Refeitos do susto, salvos por sermos seguidores não do xá, mas do rei do futebol, reclamei com Nasrin; podíamos ter sido brutalmente espancados. A dinâmica das ruas estava tomando um rumo agressivo e aquilo, insisti, não estava me cheirando bem. Ela não deu o braço a torcer. Aquilo fora um incidente de percurso; depois de tanta luta contra o arbítrio não havia espaço para o retrocesso.
Uma semana depois, deixamos Teerã. Continuei acompanhando a revolução iraniana à distância; a deposição dos primeiros líderes civis, a marginalização dos partidos laicos e o crescente poder do clero. Com o tempo vieram informações sobre a imposição de costumes fundamentalistas, censura à imprensa, prisões e até a tortura daqueles que discordavam do regime.

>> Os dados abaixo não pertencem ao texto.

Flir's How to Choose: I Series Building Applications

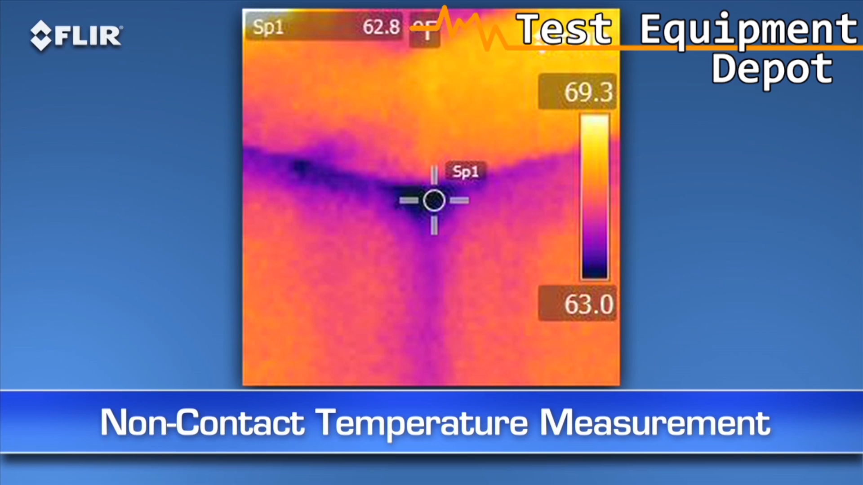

Perdi contato com Nasrin, até que, anos depois, encontrei casualmente um jornalista britânico que também estivera em Teerã naqueles dias. Ele havia voltado várias vezes ao Irã e me contou que Nasrin fora detida e levada até a penitenciária de Evin. Não foi acusada de um crime, mas, depois de alguns meses, sua família foi informada que ela havia morrido na prisão, de “causas naturais”.
Agora, três décadas depois, vejo jovens protestando nas ruas de países árabes e me pergunto: será que lutarão para se verem livres de governos corruptos e autoritários, para assistir à instalação de novas ditaduras fundamentalistas, ou será, como dizia Nasrin, que sou um estrangeiro e não entendo a revolução?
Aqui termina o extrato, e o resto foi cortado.